- [Task details]: All lines from the top of the records below through the line holding "30.908C32.044 61.649 14.269", and only those, should be printed exactly, minus the pictures.

- [Records for this exercise]:
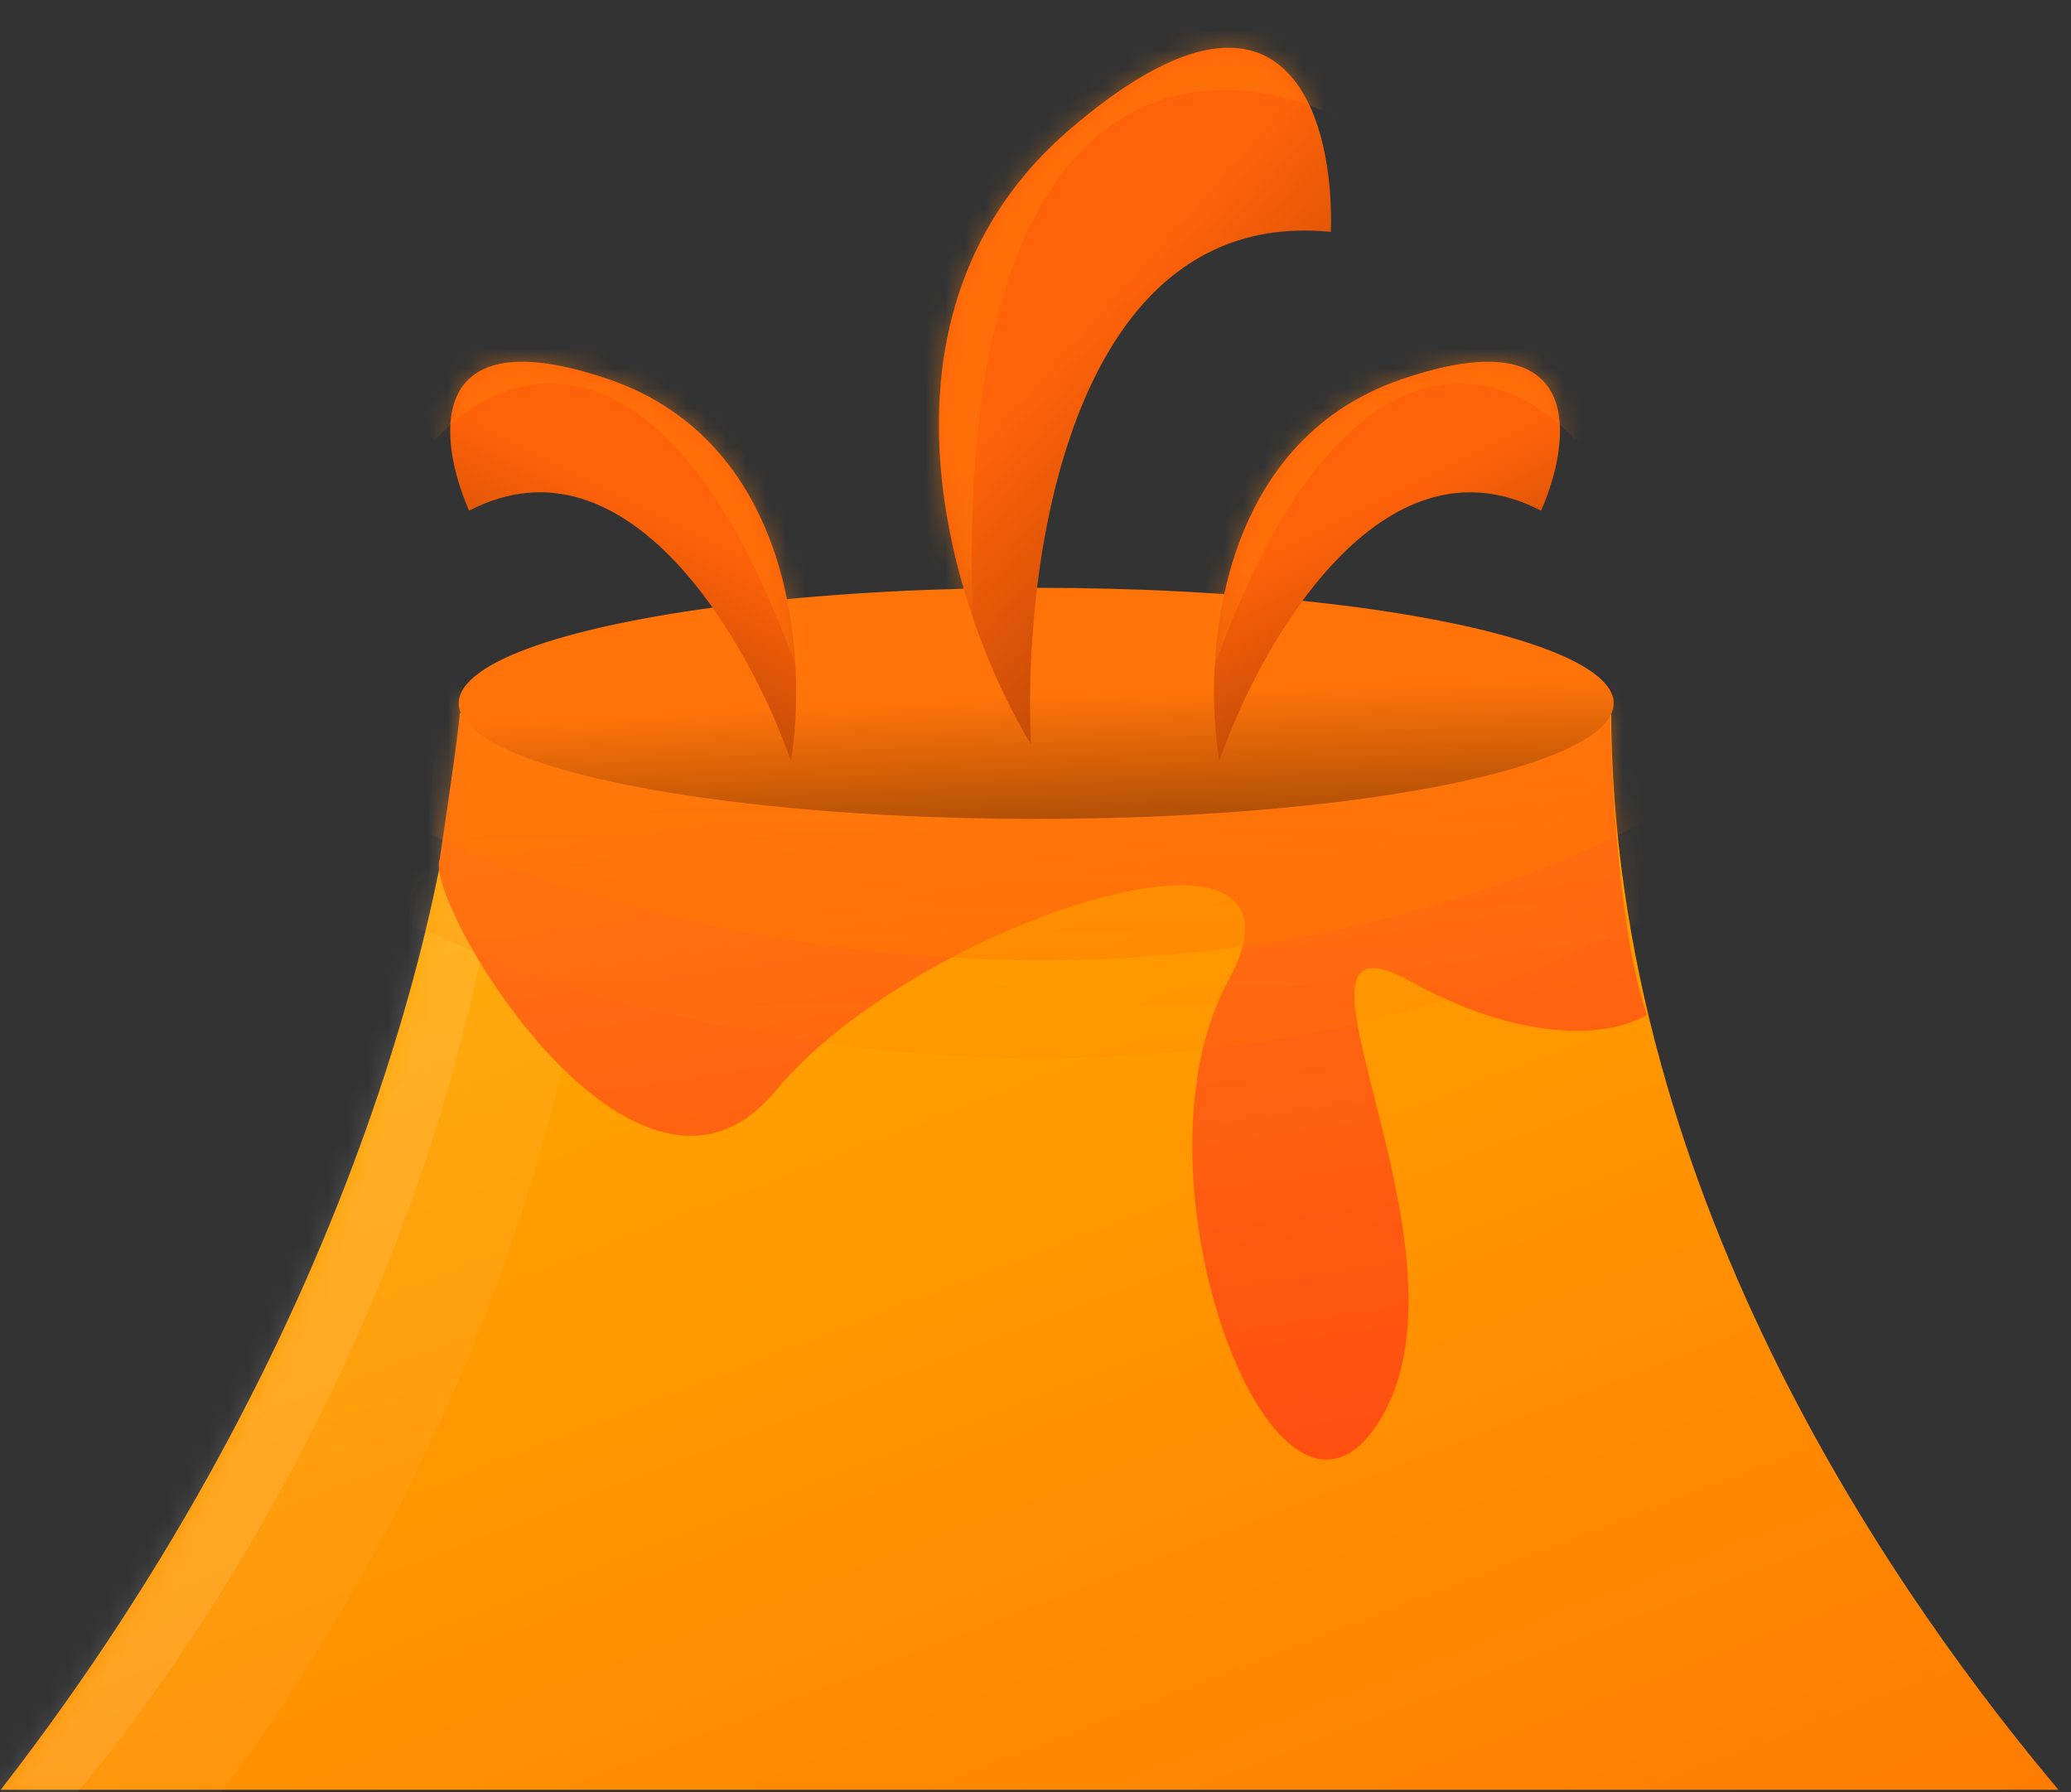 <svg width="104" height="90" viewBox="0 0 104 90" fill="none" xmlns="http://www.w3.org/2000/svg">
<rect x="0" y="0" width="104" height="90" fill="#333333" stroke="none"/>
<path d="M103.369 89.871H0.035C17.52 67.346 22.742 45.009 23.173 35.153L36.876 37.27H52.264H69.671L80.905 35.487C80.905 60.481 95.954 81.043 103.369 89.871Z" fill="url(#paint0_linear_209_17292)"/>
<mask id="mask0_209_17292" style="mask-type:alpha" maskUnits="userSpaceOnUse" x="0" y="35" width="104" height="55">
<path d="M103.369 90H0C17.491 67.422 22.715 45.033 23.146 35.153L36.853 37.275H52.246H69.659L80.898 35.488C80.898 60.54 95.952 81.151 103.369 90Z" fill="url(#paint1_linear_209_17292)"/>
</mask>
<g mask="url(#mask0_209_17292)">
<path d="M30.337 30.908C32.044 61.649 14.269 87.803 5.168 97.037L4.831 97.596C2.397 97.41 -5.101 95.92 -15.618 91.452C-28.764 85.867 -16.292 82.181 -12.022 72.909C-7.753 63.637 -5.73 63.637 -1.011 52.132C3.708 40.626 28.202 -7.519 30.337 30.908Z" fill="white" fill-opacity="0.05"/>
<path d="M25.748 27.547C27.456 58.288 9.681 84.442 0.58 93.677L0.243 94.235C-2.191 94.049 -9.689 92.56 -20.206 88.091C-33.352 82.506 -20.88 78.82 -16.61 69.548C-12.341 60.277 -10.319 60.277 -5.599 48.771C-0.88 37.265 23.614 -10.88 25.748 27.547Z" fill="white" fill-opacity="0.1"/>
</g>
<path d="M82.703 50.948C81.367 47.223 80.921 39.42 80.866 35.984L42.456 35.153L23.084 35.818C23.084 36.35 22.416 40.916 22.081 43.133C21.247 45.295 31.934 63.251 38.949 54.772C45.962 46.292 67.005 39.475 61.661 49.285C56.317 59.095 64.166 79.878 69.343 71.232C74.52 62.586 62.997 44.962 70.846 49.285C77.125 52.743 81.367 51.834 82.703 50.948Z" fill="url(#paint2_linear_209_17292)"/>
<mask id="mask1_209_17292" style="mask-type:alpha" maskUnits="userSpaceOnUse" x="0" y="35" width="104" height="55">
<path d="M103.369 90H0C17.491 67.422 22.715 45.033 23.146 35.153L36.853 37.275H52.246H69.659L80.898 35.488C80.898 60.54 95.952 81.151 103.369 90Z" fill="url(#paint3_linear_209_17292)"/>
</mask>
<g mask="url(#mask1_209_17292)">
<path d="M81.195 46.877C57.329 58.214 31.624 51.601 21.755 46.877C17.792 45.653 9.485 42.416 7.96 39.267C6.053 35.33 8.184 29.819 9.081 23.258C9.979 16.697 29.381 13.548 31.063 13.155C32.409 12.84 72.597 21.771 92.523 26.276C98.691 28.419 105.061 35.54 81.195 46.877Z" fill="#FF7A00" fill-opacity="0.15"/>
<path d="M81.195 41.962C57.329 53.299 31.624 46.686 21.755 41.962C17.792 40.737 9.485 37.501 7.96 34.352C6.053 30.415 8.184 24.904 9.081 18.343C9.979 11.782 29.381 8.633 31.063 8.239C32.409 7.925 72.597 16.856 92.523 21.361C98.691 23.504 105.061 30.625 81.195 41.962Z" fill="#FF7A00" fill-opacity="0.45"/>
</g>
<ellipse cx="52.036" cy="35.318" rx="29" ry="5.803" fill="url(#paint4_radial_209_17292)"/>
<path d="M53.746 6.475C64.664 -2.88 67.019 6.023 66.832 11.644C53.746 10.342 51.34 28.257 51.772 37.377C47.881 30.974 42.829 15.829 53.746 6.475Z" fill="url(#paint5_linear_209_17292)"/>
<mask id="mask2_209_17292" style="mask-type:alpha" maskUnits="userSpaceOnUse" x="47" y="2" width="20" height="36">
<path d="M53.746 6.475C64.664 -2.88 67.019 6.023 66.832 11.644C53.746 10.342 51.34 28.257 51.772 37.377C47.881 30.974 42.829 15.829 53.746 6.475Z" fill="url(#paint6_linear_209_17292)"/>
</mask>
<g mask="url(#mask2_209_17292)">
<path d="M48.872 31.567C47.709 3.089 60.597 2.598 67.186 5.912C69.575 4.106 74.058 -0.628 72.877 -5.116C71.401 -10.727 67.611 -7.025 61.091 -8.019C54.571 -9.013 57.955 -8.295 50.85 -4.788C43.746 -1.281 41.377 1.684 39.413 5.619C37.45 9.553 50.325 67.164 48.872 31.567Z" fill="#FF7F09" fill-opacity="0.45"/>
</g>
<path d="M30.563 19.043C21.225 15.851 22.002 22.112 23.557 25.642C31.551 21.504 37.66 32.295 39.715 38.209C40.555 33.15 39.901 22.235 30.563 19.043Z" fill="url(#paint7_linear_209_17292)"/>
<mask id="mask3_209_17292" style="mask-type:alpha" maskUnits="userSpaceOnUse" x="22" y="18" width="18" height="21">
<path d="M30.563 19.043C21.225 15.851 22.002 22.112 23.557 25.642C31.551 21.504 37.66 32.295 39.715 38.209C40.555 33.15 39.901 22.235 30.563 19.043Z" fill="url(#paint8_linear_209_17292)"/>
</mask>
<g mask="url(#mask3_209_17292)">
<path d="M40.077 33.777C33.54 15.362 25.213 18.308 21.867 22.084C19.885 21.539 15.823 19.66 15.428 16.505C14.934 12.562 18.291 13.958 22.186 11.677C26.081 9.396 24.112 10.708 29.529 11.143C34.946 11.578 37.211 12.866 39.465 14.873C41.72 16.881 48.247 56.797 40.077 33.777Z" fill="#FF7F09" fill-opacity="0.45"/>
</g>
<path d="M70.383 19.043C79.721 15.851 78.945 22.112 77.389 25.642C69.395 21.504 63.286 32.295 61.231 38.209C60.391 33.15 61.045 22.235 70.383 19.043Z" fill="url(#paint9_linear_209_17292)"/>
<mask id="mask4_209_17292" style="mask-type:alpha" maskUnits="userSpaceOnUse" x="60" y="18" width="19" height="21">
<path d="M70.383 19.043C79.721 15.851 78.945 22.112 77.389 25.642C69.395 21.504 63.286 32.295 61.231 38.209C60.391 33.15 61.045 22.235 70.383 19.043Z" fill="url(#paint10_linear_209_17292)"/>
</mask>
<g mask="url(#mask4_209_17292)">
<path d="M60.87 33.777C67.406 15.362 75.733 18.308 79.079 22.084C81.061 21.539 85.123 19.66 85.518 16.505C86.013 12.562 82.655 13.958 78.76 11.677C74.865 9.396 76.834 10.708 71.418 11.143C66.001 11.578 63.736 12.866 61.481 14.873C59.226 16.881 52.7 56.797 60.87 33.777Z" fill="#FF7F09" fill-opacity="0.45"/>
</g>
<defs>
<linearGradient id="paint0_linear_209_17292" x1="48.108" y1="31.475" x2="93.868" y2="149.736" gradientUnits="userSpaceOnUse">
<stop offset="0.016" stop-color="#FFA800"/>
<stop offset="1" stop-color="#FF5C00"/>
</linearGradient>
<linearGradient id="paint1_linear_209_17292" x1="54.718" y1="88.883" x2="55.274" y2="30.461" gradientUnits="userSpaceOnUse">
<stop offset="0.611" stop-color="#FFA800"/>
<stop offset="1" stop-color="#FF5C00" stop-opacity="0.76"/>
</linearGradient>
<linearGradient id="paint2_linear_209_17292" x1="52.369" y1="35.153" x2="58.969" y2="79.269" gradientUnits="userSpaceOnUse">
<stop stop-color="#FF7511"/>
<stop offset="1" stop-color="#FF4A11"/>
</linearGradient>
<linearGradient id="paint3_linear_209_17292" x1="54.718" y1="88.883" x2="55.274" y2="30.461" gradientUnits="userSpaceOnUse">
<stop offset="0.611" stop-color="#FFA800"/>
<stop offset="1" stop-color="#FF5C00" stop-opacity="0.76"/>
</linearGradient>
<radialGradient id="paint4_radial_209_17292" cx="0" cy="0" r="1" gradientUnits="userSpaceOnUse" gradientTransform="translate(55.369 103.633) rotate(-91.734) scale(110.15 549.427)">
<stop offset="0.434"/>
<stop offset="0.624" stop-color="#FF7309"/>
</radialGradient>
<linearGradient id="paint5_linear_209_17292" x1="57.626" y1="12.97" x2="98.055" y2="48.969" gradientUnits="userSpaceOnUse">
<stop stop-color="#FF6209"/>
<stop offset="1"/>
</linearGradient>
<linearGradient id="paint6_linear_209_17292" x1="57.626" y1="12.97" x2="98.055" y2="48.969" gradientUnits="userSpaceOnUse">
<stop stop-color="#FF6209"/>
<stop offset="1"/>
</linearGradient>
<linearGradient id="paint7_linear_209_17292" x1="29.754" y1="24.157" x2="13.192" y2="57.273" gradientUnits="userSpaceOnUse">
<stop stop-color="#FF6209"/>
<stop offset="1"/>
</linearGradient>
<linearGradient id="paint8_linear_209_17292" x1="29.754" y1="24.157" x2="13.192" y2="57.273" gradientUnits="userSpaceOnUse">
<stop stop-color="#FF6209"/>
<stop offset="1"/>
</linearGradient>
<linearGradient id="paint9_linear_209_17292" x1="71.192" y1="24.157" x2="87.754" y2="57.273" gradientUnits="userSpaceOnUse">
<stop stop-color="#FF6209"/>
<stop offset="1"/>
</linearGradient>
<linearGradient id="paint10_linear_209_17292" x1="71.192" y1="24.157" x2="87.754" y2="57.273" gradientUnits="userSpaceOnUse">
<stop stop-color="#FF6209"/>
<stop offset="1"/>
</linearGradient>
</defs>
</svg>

- [Problem solution]:
 <svg width="104" height="90" viewBox="0 0 104 90" fill="none" xmlns="http://www.w3.org/2000/svg">
<rect x="0" y="0" width="104" height="90" fill="#333333" stroke="none"/>
<path d="M103.369 89.871H0.035C17.52 67.346 22.742 45.009 23.173 35.153L36.876 37.27H52.264H69.671L80.905 35.487C80.905 60.481 95.954 81.043 103.369 89.871Z" fill="url(#paint0_linear_209_17292)"/>
<mask id="mask0_209_17292" style="mask-type:alpha" maskUnits="userSpaceOnUse" x="0" y="35" width="104" height="55">
<path d="M103.369 90H0C17.491 67.422 22.715 45.033 23.146 35.153L36.853 37.275H52.246H69.659L80.898 35.488C80.898 60.54 95.952 81.151 103.369 90Z" fill="url(#paint1_linear_209_17292)"/>
</mask>
<g mask="url(#mask0_209_17292)">
<path d="M30.337 30.908C32.044 61.649 14.269 87.803 5.168 97.037L4.831 97.596C2.397 97.41 -5.101 95.92 -15.618 91.452C-28.764 85.867 -16.292 82.181 -12.022 72.909C-7.753 63.637 -5.73 63.637 -1.011 52.132C3.708 40.626 28.202 -7.519 30.337 30.908Z" fill="white" fill-opacity="0.05"/>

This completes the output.